#CAPAZ Recommendations: Pluriverso de Paz (Pluriverse of peace)
The Web page Pluriverso de paz is designed to show the results of the community component of the School, Territory, and Post-Conflict project. This project was concerned with investigating how social organisations in southern Tolima have built and are building peace in the midst of conflict.
The project’s researchers have been investigating how community organisations in southern Tolima have built different reconciliation initiatives in the midst of the armed conflict and during the post-conflict period.
«The project “School, Territory and Post-Conflict: building a local culture of peace in the South of Tolima, Colombia” was conceived based on two central themes: 1. life in the school and the armed conflict, and 2. how a shared vision of the future can be built from a cultural-territorial perspective. The project was also approached through two perspectives on peace-building: one that asks how the conflict has impacted the school and what transformations it has brought about, and another that asks how peace has been/is being built in the midst of the conflict».
Click here to browse the project’s products (books, videos, methodological proposals, etc.)
Co-researched with teachers and organisations from four regions of southern Tolima (Chaparral, Planadas, Rioblanco and Ataco), this project involved the use of different participatory research tools to explore,and name (and thus make visible) future projects and community aspirations that, from a problematised view of reality, would co-create peace initiatives supported by a citizen network anchored in the territory.
This was a participatory research project implemented between September 2018 and June 2021 as part of a joint call made in 2017 between the UK’s UKRI (Newton Fund) and Colombia’s Ministry of Science, Technology, and Innovation (MinCiencias) for high quality, transformative, and internationally competitive collaborative research projects that will help consolidate Colombia’s peacebuilding.

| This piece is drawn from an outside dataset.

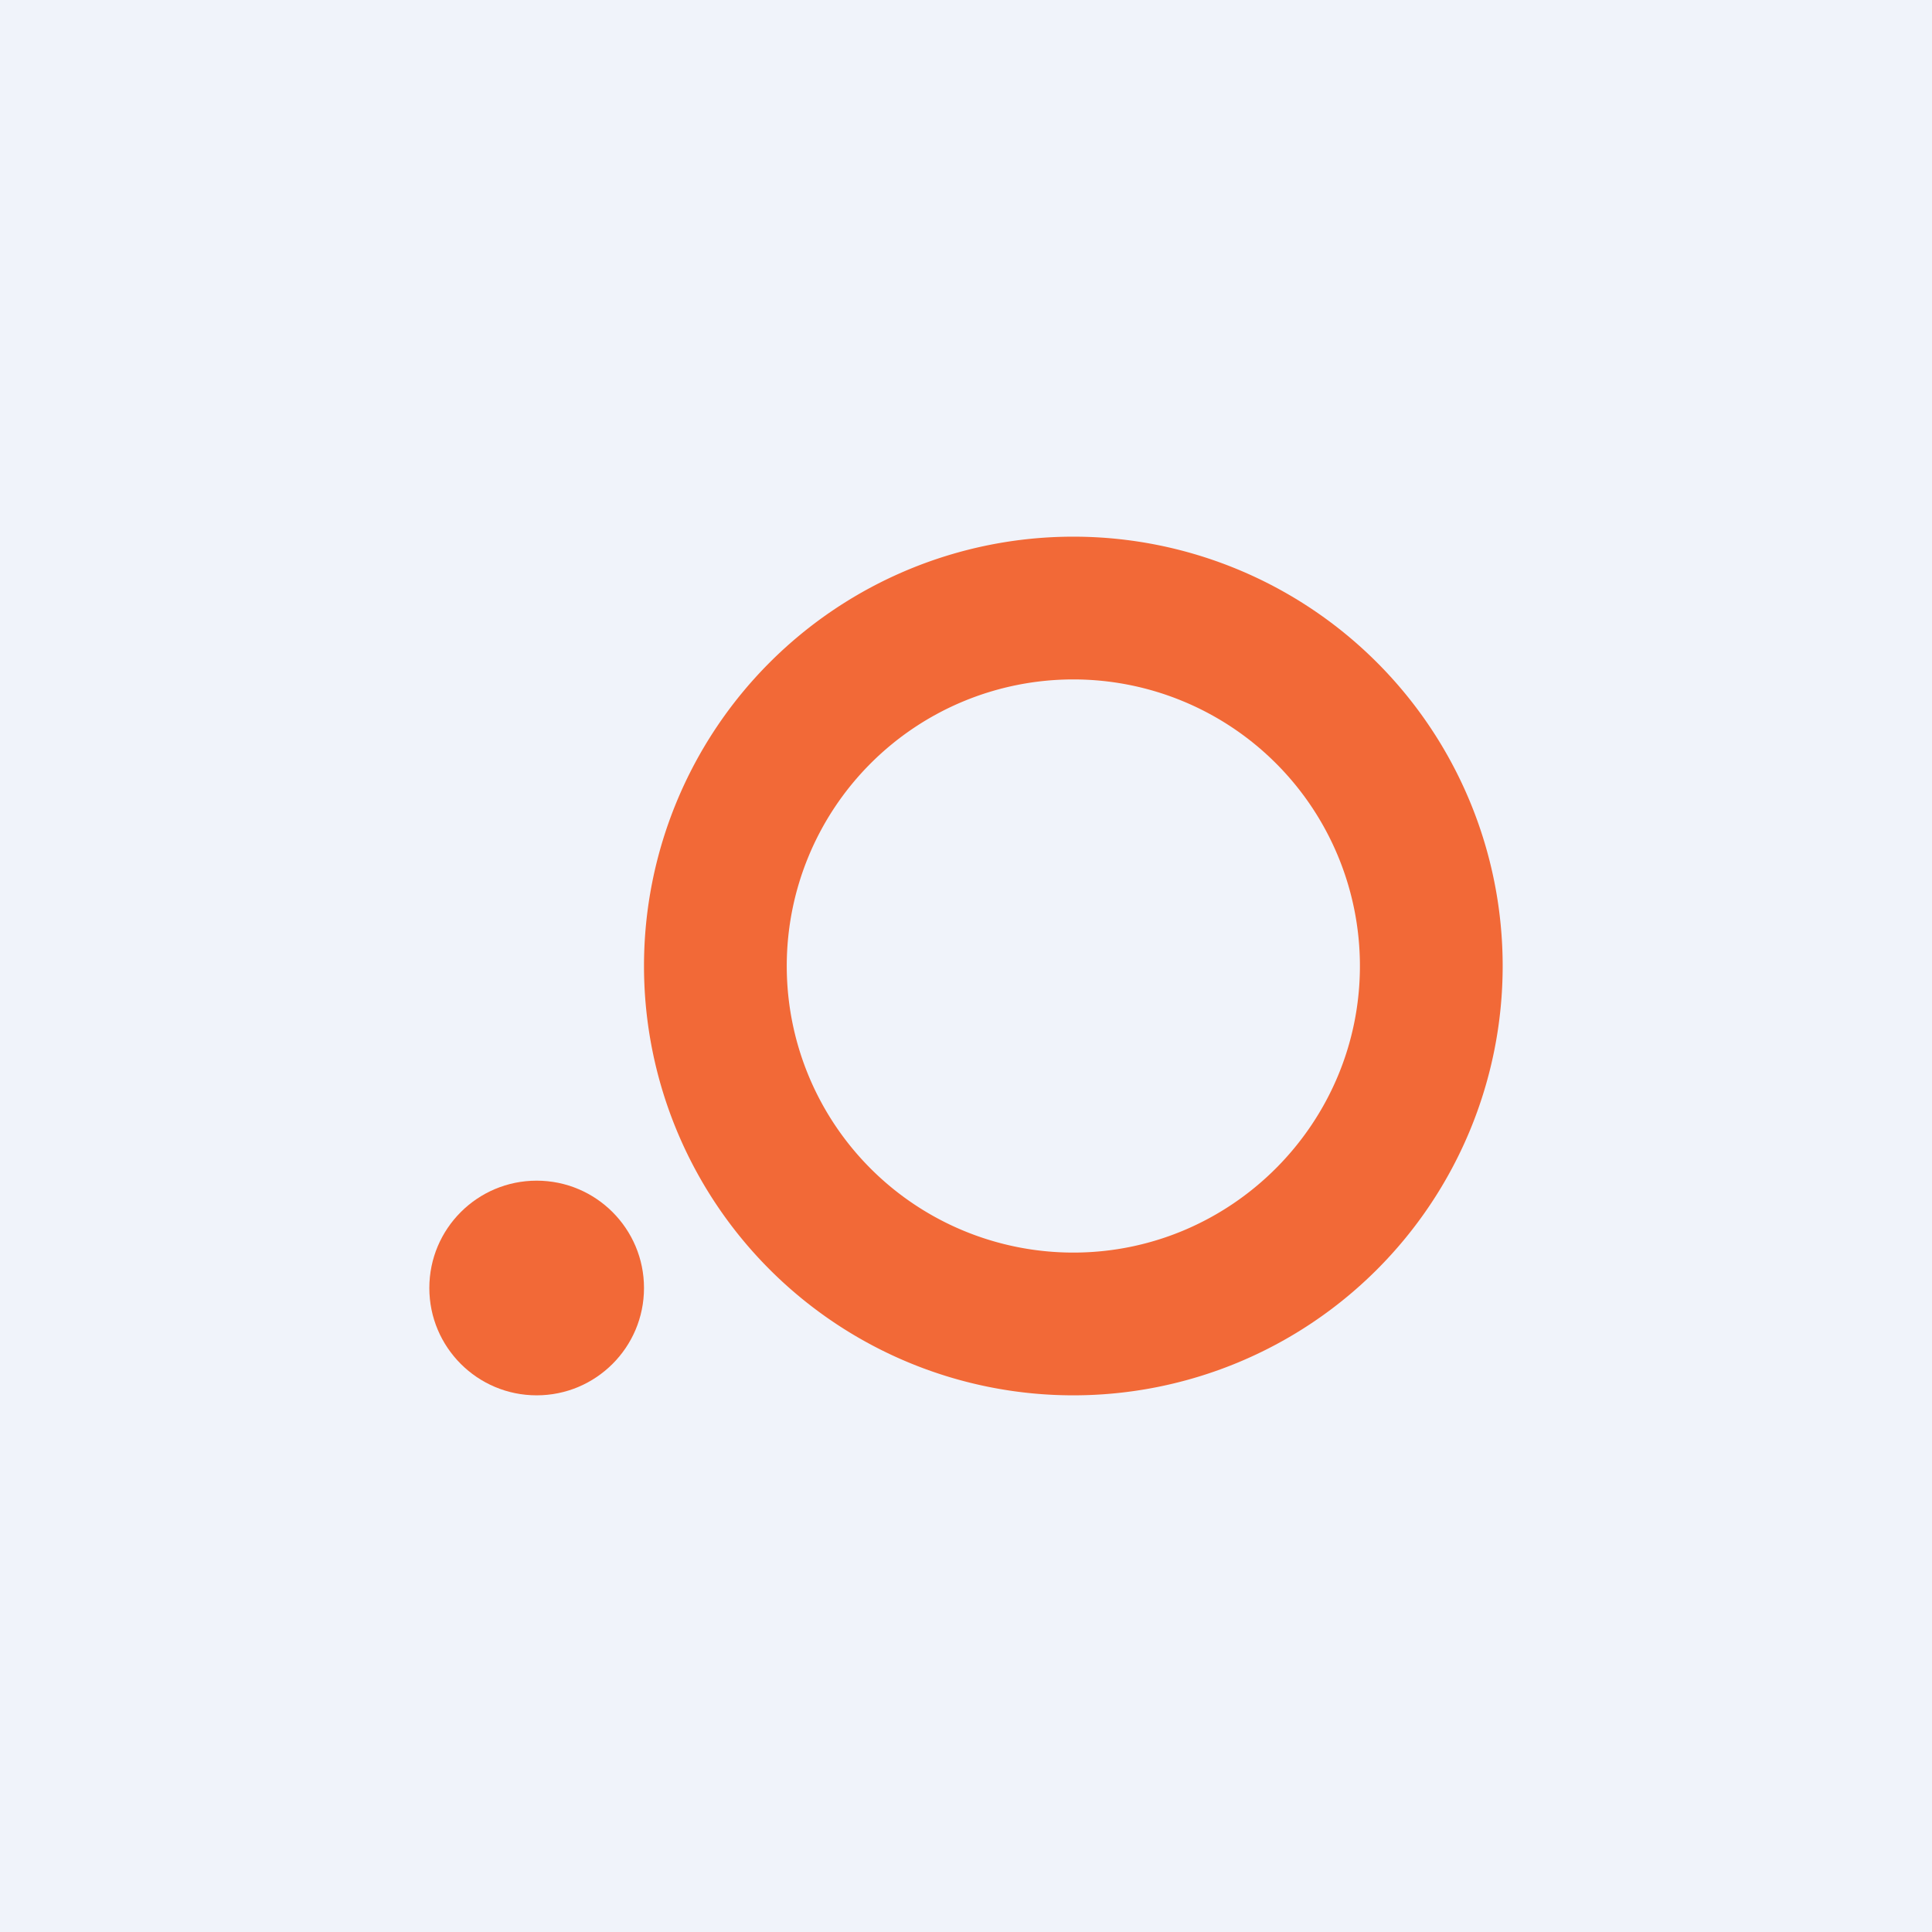 <!-- by TradingView --><svg width="18" height="18" viewBox="0 0 18 18" xmlns="http://www.w3.org/2000/svg"><path fill="#F0F3FA" d="M0 0h18v18H0z"/><circle cx="5" cy="12" r="1" fill="#F26937"/><path d="M12.67 9A2.67 2.67 0 1 0 10 11.67V13a4 4 0 1 1 0-8 4 4 0 0 1 0 8v-1.33c1.47 0 2.67-1.2 2.67-2.67Z" fill="#F26937"/></svg>

Each of the organisations with which we have worked in the framework of the project has been tackling challenges that have allowed us to advance in, for example, making women visible in the public sphere, the design of productive life projects that allow young people to stay in the territory, conquering the public space to tackle different types of violence, etc. In short, it is a territory in which the social fabric has experienced moments that have made it possible to understand that community work transforms and builds peace.